### Exercise requirements
Copy each record below faithfully, leaving out images.

*** Given data

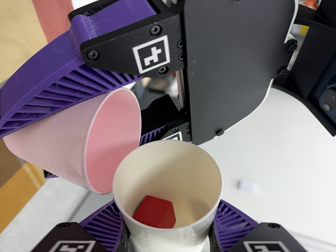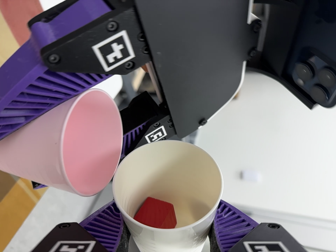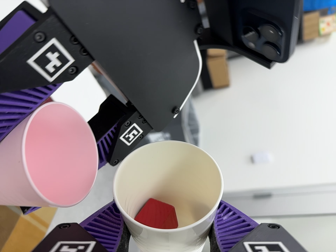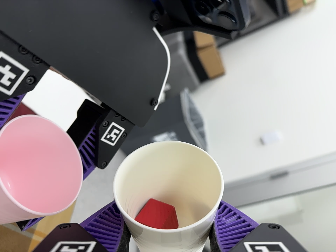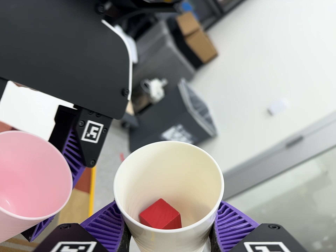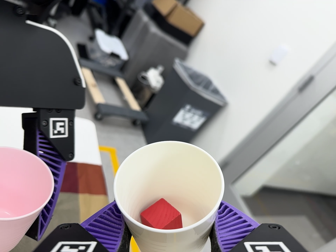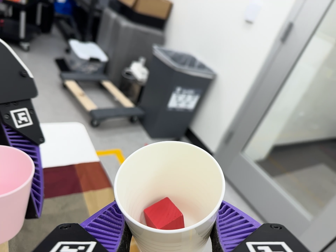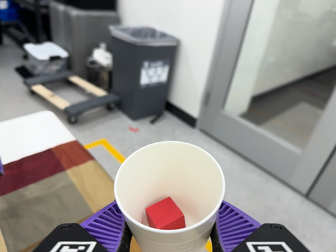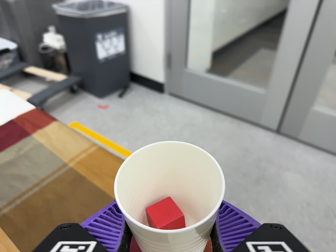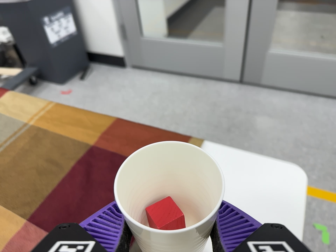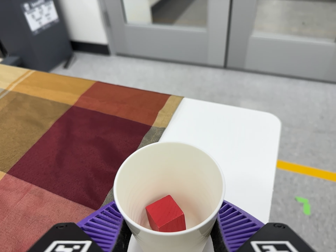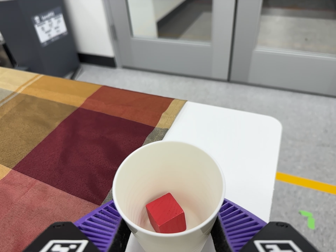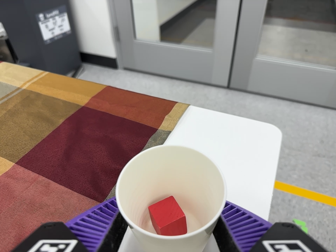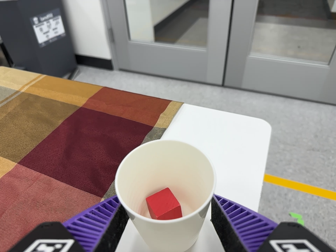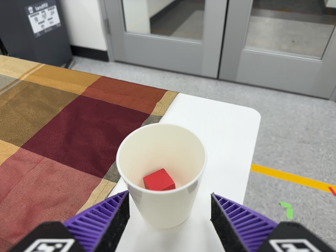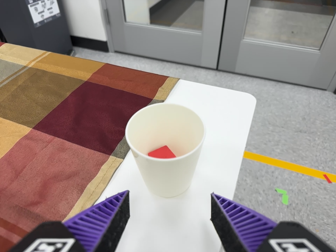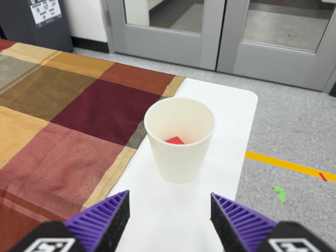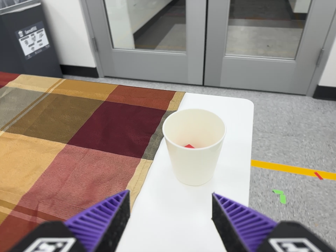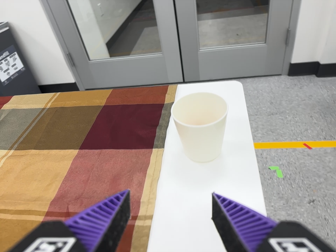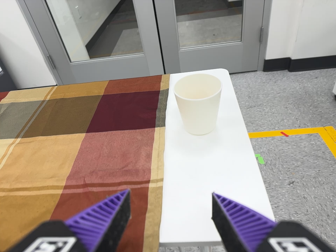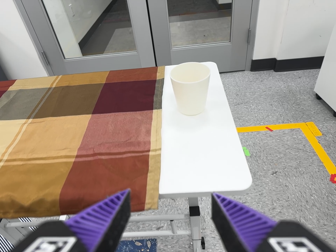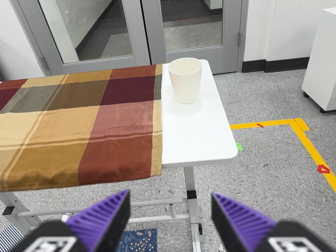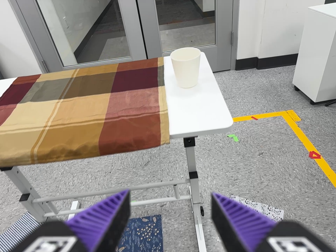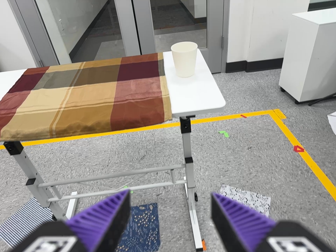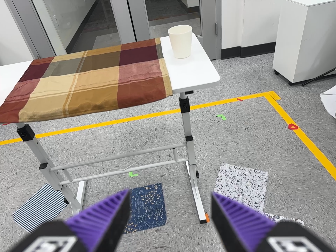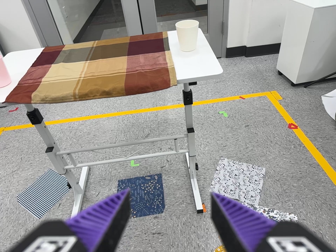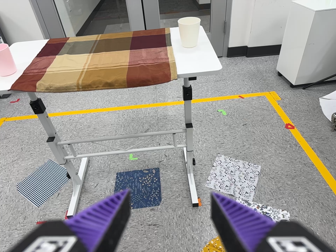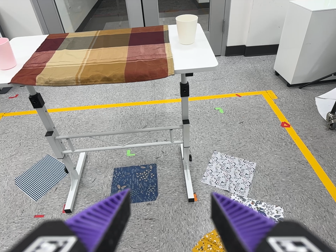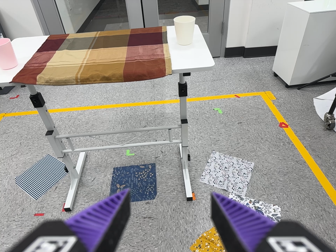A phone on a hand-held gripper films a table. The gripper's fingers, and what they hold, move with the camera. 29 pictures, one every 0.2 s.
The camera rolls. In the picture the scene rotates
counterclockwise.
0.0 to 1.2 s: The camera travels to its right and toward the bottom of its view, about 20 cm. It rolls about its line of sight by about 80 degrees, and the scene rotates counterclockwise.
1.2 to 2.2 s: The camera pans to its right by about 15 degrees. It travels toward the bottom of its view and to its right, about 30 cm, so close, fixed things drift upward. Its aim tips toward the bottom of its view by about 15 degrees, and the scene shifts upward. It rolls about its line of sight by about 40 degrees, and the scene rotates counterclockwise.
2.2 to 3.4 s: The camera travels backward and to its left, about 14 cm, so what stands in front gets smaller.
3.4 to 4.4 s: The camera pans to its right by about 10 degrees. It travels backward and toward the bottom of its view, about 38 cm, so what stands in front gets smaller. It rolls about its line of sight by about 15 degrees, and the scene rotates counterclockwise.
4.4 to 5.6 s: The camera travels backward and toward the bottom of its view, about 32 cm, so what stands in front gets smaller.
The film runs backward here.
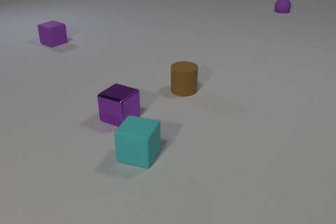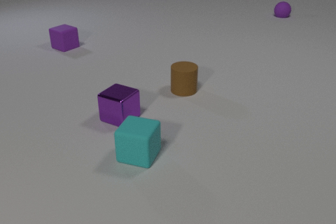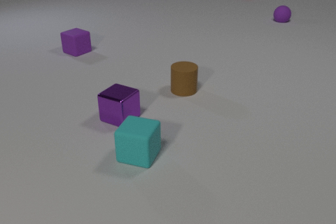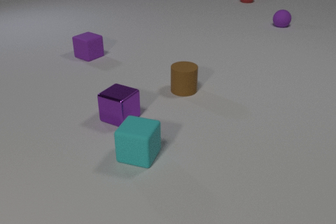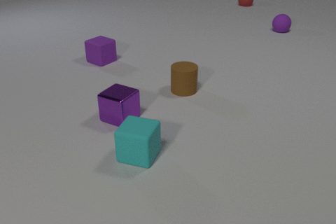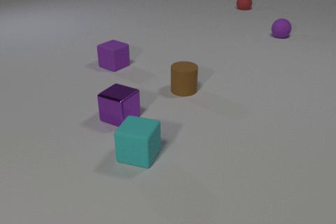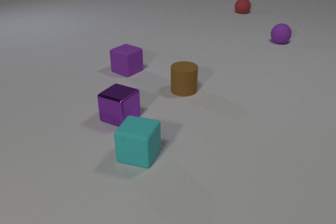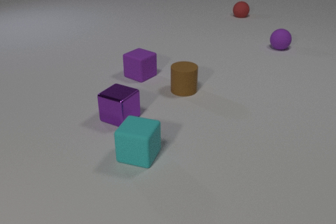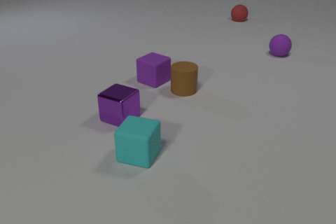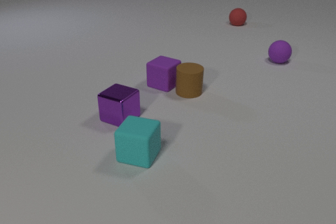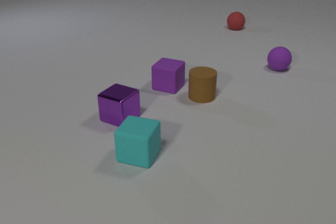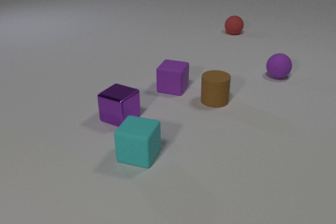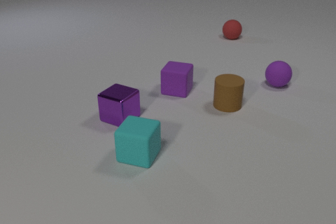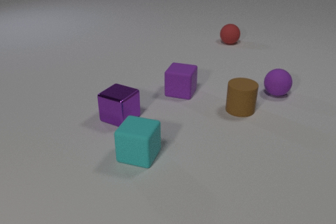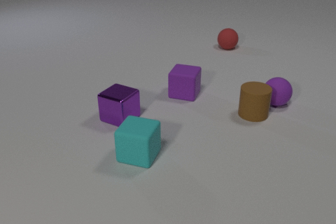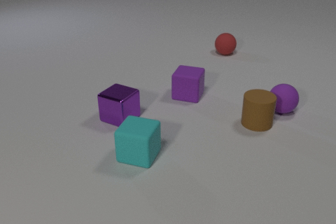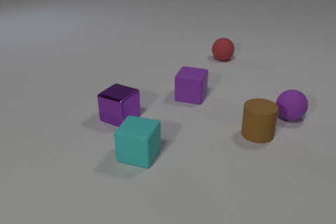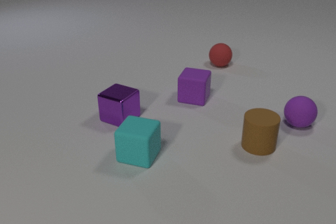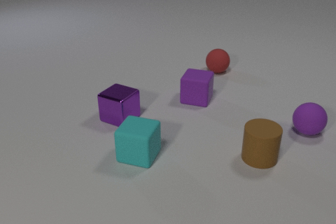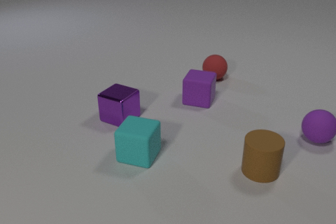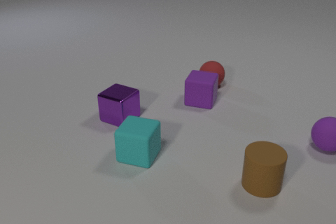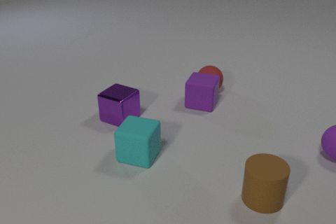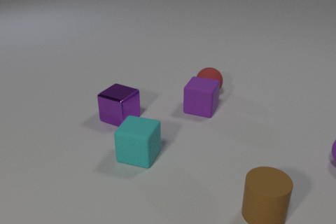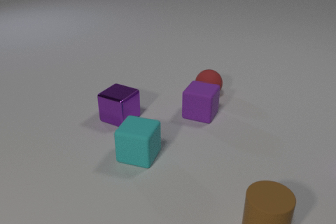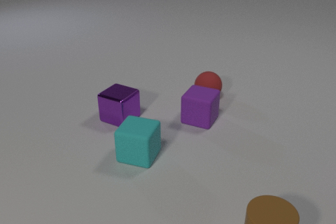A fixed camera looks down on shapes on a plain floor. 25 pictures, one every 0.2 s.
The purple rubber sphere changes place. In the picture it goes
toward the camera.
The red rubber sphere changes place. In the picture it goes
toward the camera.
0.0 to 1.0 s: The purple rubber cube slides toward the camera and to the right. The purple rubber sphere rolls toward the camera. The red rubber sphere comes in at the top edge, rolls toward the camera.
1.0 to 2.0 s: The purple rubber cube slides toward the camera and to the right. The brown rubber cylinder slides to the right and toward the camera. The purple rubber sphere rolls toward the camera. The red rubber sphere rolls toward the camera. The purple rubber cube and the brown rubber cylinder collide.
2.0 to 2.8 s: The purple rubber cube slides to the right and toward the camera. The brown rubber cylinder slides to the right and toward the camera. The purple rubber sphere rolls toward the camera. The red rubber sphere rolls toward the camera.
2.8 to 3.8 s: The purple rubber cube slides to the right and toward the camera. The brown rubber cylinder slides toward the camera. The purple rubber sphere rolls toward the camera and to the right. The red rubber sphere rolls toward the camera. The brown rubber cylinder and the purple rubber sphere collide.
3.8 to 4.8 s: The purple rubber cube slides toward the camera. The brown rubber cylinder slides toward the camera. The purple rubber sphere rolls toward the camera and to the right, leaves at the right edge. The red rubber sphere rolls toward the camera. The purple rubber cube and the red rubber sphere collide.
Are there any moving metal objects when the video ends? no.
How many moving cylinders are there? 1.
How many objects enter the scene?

******

### Solution for this exercise
A phone on a hand-held gripper films a table. The gripper's fingers, and what they hold, move with the camera. 29 pictures, one every 0.2 s.
The camera rolls. In the picture the scene rotates
counterclockwise.
0.0 to 1.2 s: The camera travels to its right and toward the bottom of its view, about 20 cm. It rolls about its line of sight by about 80 degrees, and the scene rotates counterclockwise.
1.2 to 2.2 s: The camera pans to its right by about 15 degrees. It travels toward the bottom of its view and to its right, about 30 cm, so close, fixed things drift upward. Its aim tips toward the bottom of its view by about 15 degrees, and the scene shifts upward. It rolls about its line of sight by about 40 degrees, and the scene rotates counterclockwise.
2.2 to 3.4 s: The camera travels backward and to its left, about 14 cm, so what stands in front gets smaller.
3.4 to 4.4 s: The camera pans to its right by about 10 degrees. It travels backward and toward the bottom of its view, about 38 cm, so what stands in front gets smaller. It rolls about its line of sight by about 15 degrees, and the scene rotates counterclockwise.
4.4 to 5.6 s: The camera travels backward and toward the bottom of its view, about 32 cm, so what stands in front gets smaller.
The film runs backward here.
A fixed camera looks down on shapes on a plain floor. 25 pictures, one every 0.2 s.
The purple rubber sphere changes place. In the picture it goes
toward the camera.
The red rubber sphere changes place. In the picture it goes
toward the camera.
0.0 to 1.0 s: The purple rubber cube slides toward the camera and to the right. The purple rubber sphere rolls toward the camera. The red rubber sphere comes in at the top edge, rolls toward the camera.
1.0 to 2.0 s: The purple rubber cube slides toward the camera and to the right. The brown rubber cylinder slides to the right and toward the camera. The purple rubber sphere rolls toward the camera. The red rubber sphere rolls toward the camera. The purple rubber cube and the brown rubber cylinder collide.
2.0 to 2.8 s: The purple rubber cube slides to the right and toward the camera. The brown rubber cylinder slides to the right and toward the camera. The purple rubber sphere rolls toward the camera. The red rubber sphere rolls toward the camera.
2.8 to 3.8 s: The purple rubber cube slides to the right and toward the camera. The brown rubber cylinder slides toward the camera. The purple rubber sphere rolls toward the camera and to the right. The red rubber sphere rolls toward the camera. The brown rubber cylinder and the purple rubber sphere collide.
3.8 to 4.8 s: The purple rubber cube slides toward the camera. The brown rubber cylinder slides toward the camera. The purple rubber sphere rolls toward the camera and to the right, leaves at the right edge. The red rubber sphere rolls toward the camera. The purple rubber cube and the red rubber sphere collide.
Are there any moving metal objects when the video ends? no.
How many moving cylinders are there? 1.
How many objects enter the scene?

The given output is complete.